Multi-Round Lazy Start Merge
Background
Efficiently merging sorted data partitions at scale is crucial for a variety of training data preparation workloads, especially for Generative Recommenders (GRs) a new paradigm introduced in the paper Actions Speak Louder than Words: Trillion-Parameter Sequential Transducers for Generative Recommendations. A key requirement is to merge training data across partitions—for example, merging hourly partitions into daily ones—while ensuring that all rows sharing the same primary key are stored consecutively. Training data is typically partitioned and bucketed by primary key, with rows sharing the same key stored consecutively, so merging across partitions essentially becomes a multi-way merge problem.
Normally, Apache Spark can be used for this sort-merge requirement — for example, via CLUSTER BY.
However, training datasets for a single job can often reach the PB scale, which in turn generates shuffle data at PB scale.

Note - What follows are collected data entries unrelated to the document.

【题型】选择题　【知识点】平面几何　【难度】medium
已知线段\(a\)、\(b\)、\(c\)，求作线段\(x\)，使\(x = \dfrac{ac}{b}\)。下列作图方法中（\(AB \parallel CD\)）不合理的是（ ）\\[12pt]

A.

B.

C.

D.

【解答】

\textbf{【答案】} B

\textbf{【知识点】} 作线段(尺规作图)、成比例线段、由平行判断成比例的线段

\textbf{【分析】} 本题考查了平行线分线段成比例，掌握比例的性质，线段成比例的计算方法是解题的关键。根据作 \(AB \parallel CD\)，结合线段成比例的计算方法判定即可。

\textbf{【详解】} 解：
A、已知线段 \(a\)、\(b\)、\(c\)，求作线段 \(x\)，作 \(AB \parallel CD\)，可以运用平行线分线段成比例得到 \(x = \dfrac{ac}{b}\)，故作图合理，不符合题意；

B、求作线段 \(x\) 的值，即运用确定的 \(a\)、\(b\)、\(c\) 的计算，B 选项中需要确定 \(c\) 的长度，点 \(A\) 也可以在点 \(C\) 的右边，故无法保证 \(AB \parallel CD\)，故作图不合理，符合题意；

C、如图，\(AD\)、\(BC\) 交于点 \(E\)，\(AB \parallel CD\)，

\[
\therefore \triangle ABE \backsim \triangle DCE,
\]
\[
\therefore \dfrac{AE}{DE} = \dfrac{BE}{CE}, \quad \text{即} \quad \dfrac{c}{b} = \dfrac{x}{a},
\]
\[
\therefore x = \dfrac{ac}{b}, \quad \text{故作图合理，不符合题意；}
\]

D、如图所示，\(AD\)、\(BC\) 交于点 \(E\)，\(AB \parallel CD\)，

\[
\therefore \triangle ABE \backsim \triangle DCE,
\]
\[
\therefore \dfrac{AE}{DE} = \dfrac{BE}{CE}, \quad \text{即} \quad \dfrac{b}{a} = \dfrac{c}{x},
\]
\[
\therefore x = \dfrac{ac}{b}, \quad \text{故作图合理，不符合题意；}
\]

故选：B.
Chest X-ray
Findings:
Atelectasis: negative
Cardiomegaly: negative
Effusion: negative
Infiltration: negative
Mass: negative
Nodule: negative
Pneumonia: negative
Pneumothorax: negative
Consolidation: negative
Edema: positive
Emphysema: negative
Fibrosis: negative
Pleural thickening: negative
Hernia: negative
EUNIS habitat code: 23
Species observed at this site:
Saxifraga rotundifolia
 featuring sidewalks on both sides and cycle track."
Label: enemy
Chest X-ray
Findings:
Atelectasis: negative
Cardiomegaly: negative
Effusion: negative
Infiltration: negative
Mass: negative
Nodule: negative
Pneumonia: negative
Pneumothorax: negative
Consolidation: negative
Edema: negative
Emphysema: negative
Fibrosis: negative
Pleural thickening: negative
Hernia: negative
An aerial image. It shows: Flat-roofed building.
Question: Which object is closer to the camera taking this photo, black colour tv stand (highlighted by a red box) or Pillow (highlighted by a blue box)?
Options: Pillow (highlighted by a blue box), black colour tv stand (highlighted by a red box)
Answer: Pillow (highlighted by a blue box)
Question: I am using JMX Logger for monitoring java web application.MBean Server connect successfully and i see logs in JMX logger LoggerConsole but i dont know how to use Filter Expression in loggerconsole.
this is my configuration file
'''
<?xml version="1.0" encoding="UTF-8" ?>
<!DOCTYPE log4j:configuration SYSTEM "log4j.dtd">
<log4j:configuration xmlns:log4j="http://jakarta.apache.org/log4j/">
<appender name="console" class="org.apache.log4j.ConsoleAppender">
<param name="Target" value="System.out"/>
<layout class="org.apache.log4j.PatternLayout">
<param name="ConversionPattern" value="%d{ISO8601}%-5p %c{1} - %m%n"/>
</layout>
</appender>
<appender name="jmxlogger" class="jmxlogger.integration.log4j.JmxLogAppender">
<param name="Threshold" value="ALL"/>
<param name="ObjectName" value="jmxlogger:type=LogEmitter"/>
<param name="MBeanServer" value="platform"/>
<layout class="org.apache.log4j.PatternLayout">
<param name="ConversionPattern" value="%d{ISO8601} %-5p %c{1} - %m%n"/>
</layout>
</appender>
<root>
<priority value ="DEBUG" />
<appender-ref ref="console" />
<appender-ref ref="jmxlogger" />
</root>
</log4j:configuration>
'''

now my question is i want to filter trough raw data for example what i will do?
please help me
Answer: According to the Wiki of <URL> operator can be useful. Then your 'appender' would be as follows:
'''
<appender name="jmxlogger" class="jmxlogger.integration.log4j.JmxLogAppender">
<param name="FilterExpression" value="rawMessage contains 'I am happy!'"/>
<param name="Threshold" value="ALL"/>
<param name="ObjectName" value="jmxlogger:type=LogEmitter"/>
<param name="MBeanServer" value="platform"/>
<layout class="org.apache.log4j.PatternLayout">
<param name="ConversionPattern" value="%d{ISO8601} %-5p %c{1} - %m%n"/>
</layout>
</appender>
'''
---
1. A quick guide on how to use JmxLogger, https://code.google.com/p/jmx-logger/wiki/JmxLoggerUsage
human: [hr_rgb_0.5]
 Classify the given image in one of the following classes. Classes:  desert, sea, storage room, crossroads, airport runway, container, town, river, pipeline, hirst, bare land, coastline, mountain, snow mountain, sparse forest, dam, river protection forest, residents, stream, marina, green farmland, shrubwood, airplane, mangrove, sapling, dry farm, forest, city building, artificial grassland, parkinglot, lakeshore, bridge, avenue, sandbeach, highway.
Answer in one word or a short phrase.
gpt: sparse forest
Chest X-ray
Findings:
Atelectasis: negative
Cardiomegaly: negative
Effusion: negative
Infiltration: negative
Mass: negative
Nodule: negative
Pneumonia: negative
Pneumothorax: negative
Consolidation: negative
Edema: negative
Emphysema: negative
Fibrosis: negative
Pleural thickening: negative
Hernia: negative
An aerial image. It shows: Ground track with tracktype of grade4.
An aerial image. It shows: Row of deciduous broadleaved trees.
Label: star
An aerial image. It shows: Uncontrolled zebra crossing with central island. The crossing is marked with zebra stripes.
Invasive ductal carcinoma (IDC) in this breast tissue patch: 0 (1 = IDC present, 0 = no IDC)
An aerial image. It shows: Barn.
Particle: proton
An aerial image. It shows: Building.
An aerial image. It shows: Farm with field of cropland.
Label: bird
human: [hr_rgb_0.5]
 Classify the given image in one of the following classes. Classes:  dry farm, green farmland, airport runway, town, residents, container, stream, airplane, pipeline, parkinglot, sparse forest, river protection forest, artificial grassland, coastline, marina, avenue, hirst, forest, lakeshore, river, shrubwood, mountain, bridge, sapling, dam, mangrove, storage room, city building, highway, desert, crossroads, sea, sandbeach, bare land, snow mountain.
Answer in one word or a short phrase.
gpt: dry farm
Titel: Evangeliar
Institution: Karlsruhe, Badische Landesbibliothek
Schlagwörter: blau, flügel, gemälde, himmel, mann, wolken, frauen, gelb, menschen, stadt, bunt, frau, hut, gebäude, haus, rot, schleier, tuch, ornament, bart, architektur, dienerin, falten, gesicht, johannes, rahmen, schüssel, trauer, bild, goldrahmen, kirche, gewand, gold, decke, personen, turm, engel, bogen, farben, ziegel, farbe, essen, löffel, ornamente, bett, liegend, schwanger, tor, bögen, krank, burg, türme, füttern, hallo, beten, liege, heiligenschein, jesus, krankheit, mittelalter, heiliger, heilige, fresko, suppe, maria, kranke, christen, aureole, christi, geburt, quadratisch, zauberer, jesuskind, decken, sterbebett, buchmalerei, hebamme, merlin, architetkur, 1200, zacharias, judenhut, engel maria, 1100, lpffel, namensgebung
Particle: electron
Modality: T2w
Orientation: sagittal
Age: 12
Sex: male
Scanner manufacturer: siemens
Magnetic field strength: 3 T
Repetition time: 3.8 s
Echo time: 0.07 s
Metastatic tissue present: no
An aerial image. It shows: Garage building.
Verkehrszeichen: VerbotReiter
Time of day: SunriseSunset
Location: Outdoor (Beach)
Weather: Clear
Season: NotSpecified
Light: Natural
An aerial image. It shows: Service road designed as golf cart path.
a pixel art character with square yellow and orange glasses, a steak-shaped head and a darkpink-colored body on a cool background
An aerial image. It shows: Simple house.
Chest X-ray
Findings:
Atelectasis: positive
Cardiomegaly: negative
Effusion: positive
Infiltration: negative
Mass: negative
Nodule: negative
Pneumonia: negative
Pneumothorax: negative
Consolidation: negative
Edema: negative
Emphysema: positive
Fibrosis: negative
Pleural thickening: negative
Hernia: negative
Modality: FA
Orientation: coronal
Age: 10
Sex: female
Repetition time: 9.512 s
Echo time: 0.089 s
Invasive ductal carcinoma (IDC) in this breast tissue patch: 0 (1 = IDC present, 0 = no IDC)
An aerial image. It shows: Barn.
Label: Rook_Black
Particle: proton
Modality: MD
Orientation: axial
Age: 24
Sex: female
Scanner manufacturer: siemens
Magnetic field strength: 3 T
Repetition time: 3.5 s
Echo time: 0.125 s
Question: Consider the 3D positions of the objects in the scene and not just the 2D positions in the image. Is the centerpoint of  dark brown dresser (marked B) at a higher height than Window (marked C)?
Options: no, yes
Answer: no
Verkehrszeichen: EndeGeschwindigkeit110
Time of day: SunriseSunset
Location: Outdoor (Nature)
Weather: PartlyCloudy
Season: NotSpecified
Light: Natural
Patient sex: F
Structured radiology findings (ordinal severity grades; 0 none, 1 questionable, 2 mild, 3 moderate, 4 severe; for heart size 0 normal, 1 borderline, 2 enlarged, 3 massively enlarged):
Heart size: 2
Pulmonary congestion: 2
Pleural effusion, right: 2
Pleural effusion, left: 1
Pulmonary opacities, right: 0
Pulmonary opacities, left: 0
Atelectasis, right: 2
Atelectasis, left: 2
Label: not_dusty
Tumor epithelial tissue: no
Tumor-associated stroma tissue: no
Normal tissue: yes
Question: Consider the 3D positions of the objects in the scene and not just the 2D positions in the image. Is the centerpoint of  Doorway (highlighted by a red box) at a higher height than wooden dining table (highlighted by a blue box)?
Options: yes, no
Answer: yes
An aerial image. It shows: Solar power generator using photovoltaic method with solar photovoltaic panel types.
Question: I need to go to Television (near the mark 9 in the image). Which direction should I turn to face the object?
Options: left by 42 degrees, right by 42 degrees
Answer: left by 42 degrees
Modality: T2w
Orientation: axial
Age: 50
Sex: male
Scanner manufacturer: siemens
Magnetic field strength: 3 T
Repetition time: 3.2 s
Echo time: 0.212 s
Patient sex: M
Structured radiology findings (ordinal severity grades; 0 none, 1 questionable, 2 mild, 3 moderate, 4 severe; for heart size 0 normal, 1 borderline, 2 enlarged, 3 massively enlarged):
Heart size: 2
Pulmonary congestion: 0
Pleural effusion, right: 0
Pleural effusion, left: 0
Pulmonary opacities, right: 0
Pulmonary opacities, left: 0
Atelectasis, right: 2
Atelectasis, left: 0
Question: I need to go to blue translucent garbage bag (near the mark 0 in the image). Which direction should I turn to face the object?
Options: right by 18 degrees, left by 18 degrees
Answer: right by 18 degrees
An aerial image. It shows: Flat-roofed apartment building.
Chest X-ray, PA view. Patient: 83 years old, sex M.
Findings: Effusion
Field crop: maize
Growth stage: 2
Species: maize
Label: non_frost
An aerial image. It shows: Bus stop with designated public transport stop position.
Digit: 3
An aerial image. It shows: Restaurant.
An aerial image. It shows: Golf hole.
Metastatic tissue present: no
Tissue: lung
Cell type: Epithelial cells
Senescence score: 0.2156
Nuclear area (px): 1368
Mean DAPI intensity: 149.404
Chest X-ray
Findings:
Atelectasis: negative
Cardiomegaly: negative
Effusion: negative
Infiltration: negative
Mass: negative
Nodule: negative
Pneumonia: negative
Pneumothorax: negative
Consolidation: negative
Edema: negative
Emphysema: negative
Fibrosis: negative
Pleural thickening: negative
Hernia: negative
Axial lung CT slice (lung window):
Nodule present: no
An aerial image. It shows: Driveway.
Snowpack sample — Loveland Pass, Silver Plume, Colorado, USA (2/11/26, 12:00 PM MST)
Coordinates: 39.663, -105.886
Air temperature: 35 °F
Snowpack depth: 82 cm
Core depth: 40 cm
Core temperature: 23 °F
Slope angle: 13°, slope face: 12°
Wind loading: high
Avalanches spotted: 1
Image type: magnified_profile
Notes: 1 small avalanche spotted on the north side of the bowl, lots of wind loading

Although we typically apply bucketing and ordering by key when preparing training data in production,
Spark can eliminate the shuffle when merging training data from multiple hourly partitions.
However, each Spark task can only read the files planned from various partitions within a split
sequentially, placing them into the sorter and spilling as needed. Only after all files have been read
does Spark perform a sort-merge of the spilled files. This process produces a large number of small
spill files, which further degrades efficiency.